|
|
3.3.4.4 Parsing New Words
We've already seen that the network can generalize its knowledge to many types of input which it has not been confronted with during training. But I have been keeping one of the more interesting experiments for this subsection: how does CLASPnet react when it sees words it has never seen before? In a similar situation, humans can usually manage with remarkable skill -- one need only think of Jabberwocky-like nonsense poetry. In order to challenge the network with new words, I added 'lord', 'lady', 'dude', 'computer', 'hug', 'embrace' and 'gargantuan' to the vocabulary. These words were given the appropriate orthographic representation, but no semantic representation at all, as this would have largely defeated the purpose of the experiment.
First, the nouns. The experimental sentences 'the lady love the girl.' and 'the dude chase the sharks.' turn out to be no challenge at all for the network: they are processed as if known nouns are present. So, in cases like these, the network is able to jump from a position in which a noun is still expected to one in which the verb has already been processed. Transposing the known and unknown nouns does not make a difference: 'the woman like the lord.' and 'the woman like the very happy dude near the boat.' are also interpreted correctly. But, to my initial surprise, there was a substantial difference between the parsing of 'the lady love the girl.' and 'the lord love the girl.'. In the second sentence, the dominant clause type unit suddenly changed from Declarative after the initial 'the' to Connector after 'lord'! To make matters worse, no such inconsistency occurs in 'the very happy lord love the girl.' However, the network has a very good reason for its seemingly erratic behavior: recall the 'the more ..., the less ...' constructions referred to in 3.3.3.4 above -- the words 'more' and 'lord' share two of their four letters. During training, the network has learnt to associate the orthographic representation 'm,o,r,e,- ,- ,- ,- ,m,o,r,e' with the Connector unit; the only way it could do so was to make strong excitatory connections leading from this particular orthographic representation all the way to the output unit. Hence, when 'l,o,r,d,- ,- ,- ,- ,l,o,r,d' is seen, the network cannot but notice the similarity with the pattern it already knows, and acts accordingly. The effect only happens when 'lord' follows 'the' because it is only in this context that 'more' should cause the Connector unit to become active. Which explains why 'the very happy lord ...' is processed like 'the very happy lady ...' (Note 24). Finally, as far as 'computer' is concerned, a sentence like 'the eagles like the falcons on the computer.' does not present any difficulties to the network.

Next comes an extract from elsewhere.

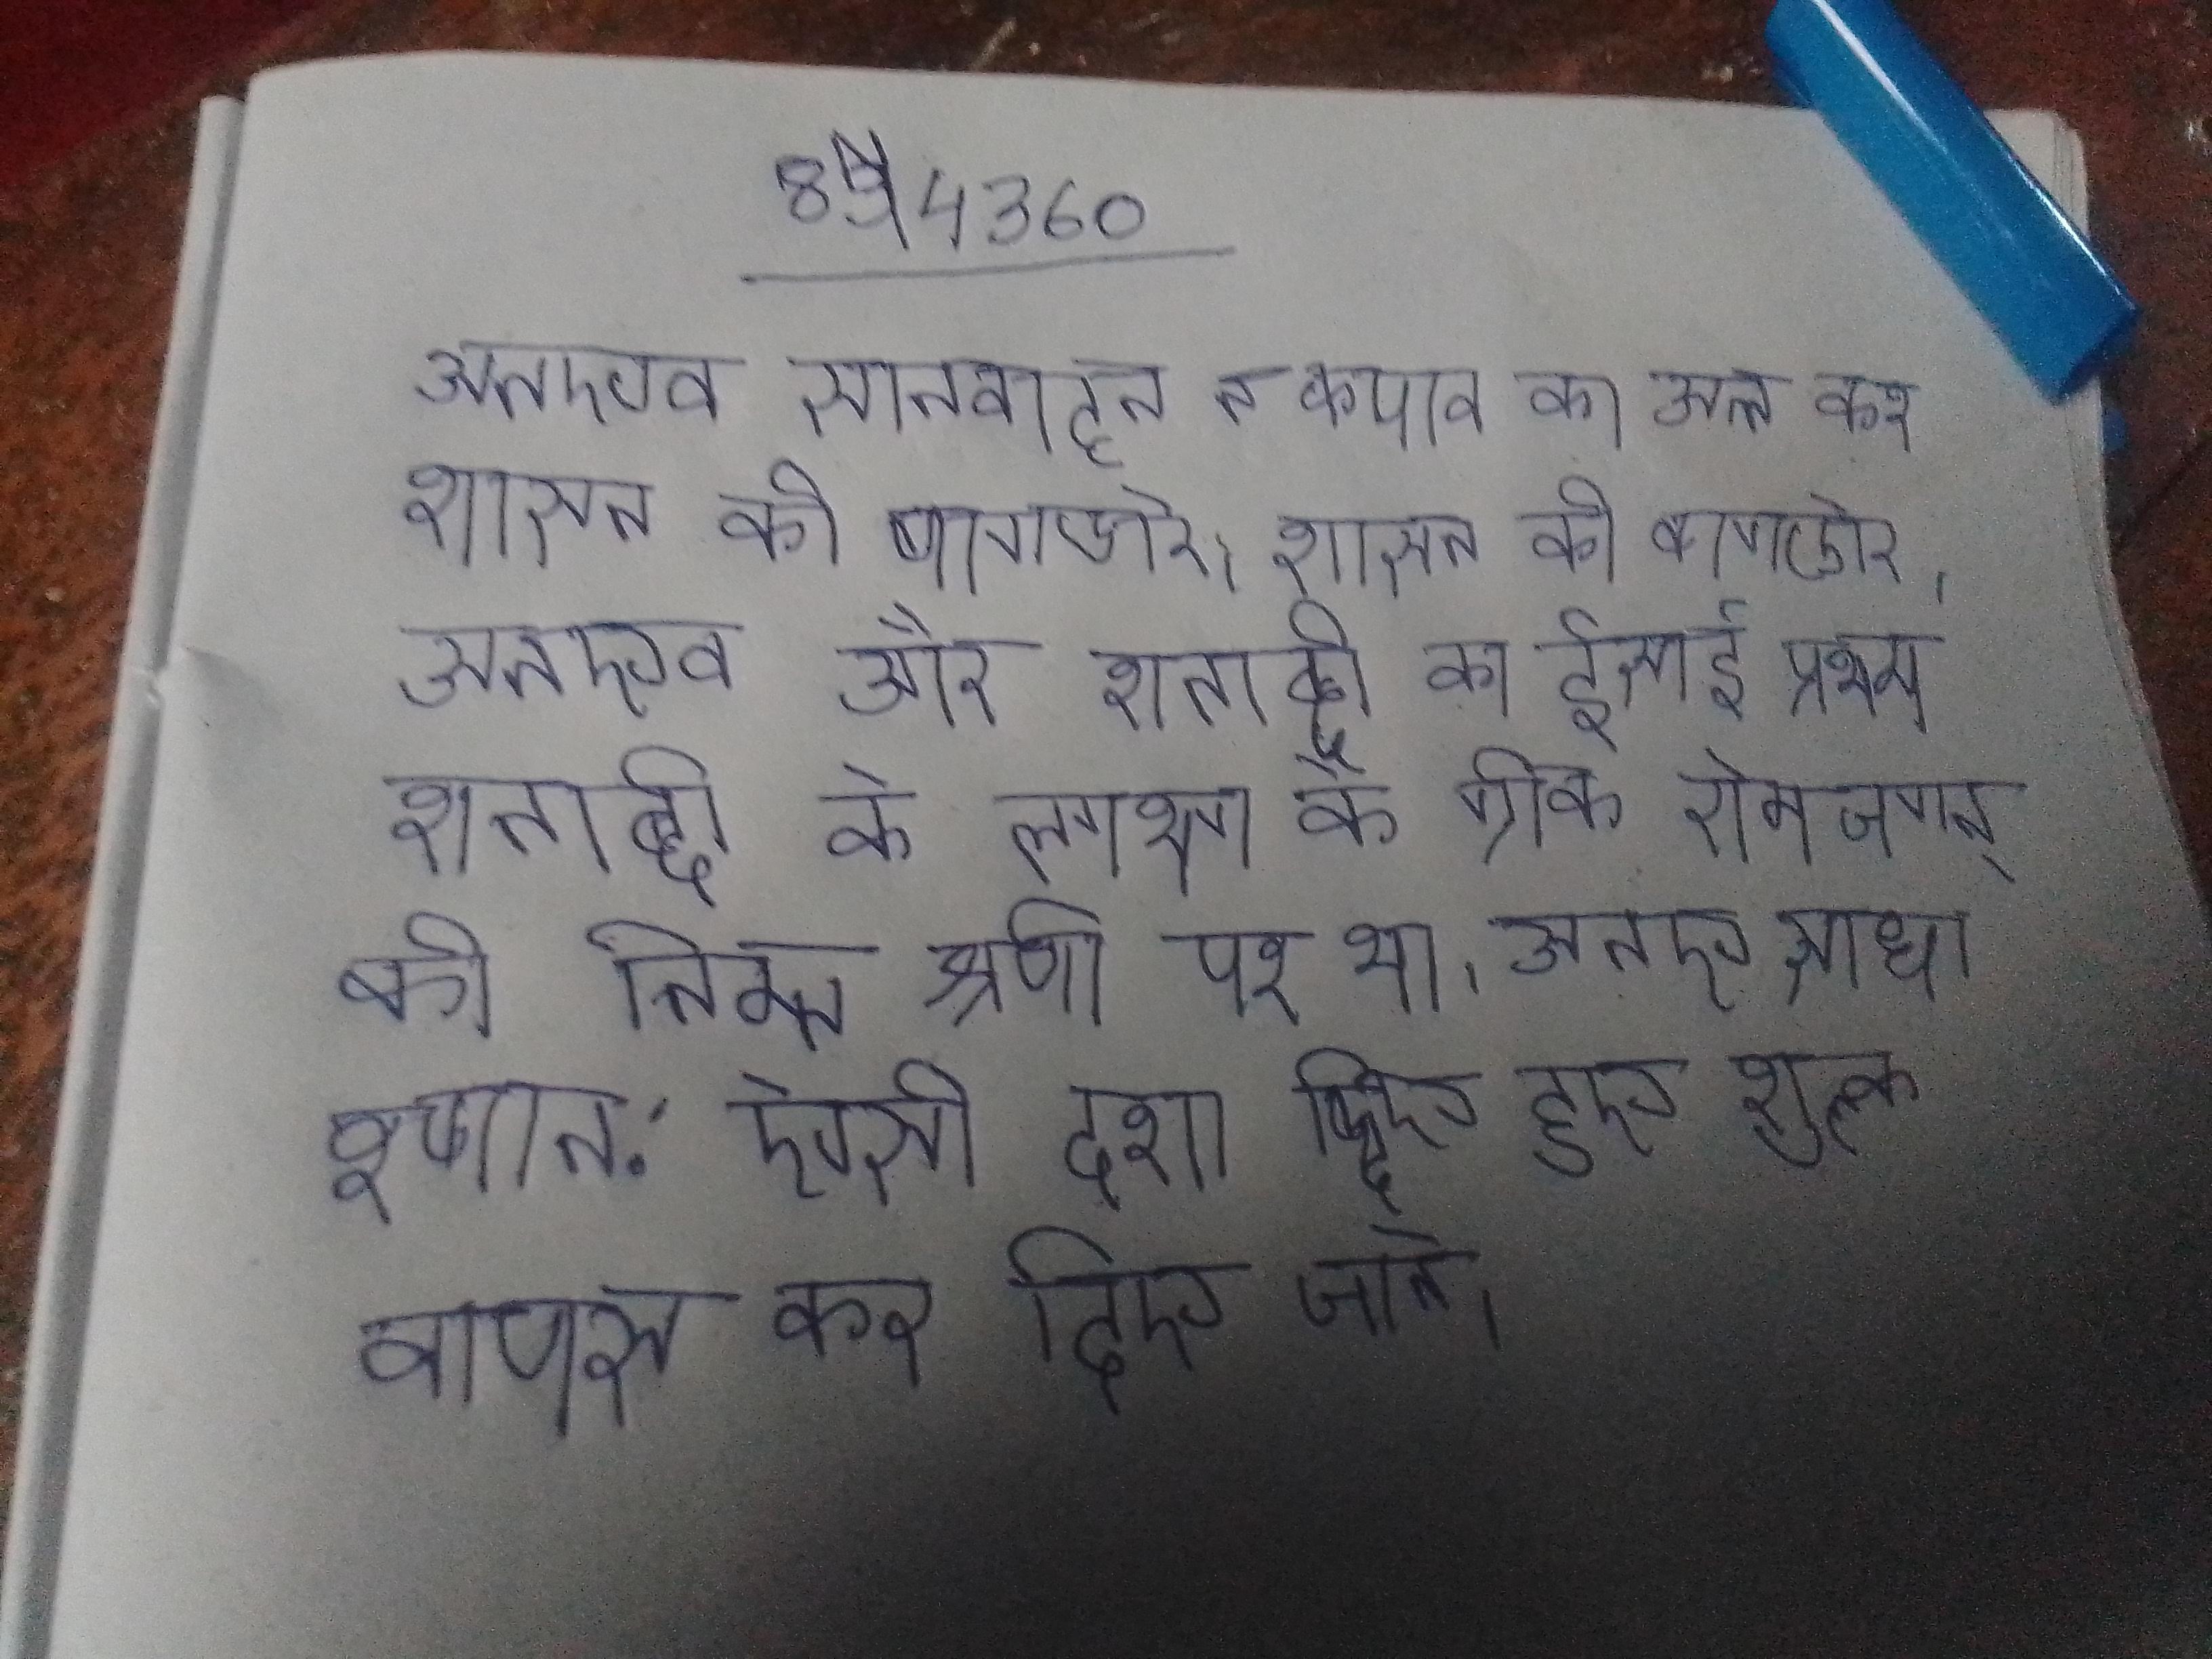
अतएव सातवाहन ने कण्व का अन्त कर शासन की बागडोर । अतएव और शताब्दी का ईसाई प्रथम शताब्दी के लगभग के ग्रीक रोम जगत् की अपेक्षा सभ्यता की निम्न श्रेणी पर था । अतएव साधारणत: ऐसी दशा दिए हुए शुल्क वापस कर दिए जाते ।

Second, the adjective. It turns out that 'gargantuan' functions like a normal adjective for CLASPnet: both 'the very gargantuan tiger chase the wolf.' and 'the men wash the gargantuan woman.' look perfectly normal to the network.
Third, the verbs. The results of using 'hug' and 'embrace' are mixed, but also show that the context in which the words appear is used to help interpret the unknown patterns. So, in the sentence 'the man say to the girl that he be going to hug the woman.' the unknown pattern can only be processed as if it were a 'verb' -- whatever that means to the network. If we turn back to the spatial metaphor, there is only one possible way to go from the network's region after it has seen 'be going to'. When there are more options, the network has to be more careful and this uncertainty becomes apparent in sentences like 'the man hug the woman.' and 'can the man hug the woman on the boat?'. In both cases, the activation value of the Declarative unit drops from a very high value to a low one when the net sees 'hug', and the activation value of the Relative unit increases noticeably. By doing this, it shows that is aware that the input sentence might actually also be 'the man hug like love the wolf.' in which 'hug' would be an unknown personal pronoun with nominative case.
Taking the results from the three categories together, we can conclude that the network does a very good job of parsing unknown words: it takes into account similar words which it already knows about, and also tries to hedge its bets when it is uncertain (Note 25).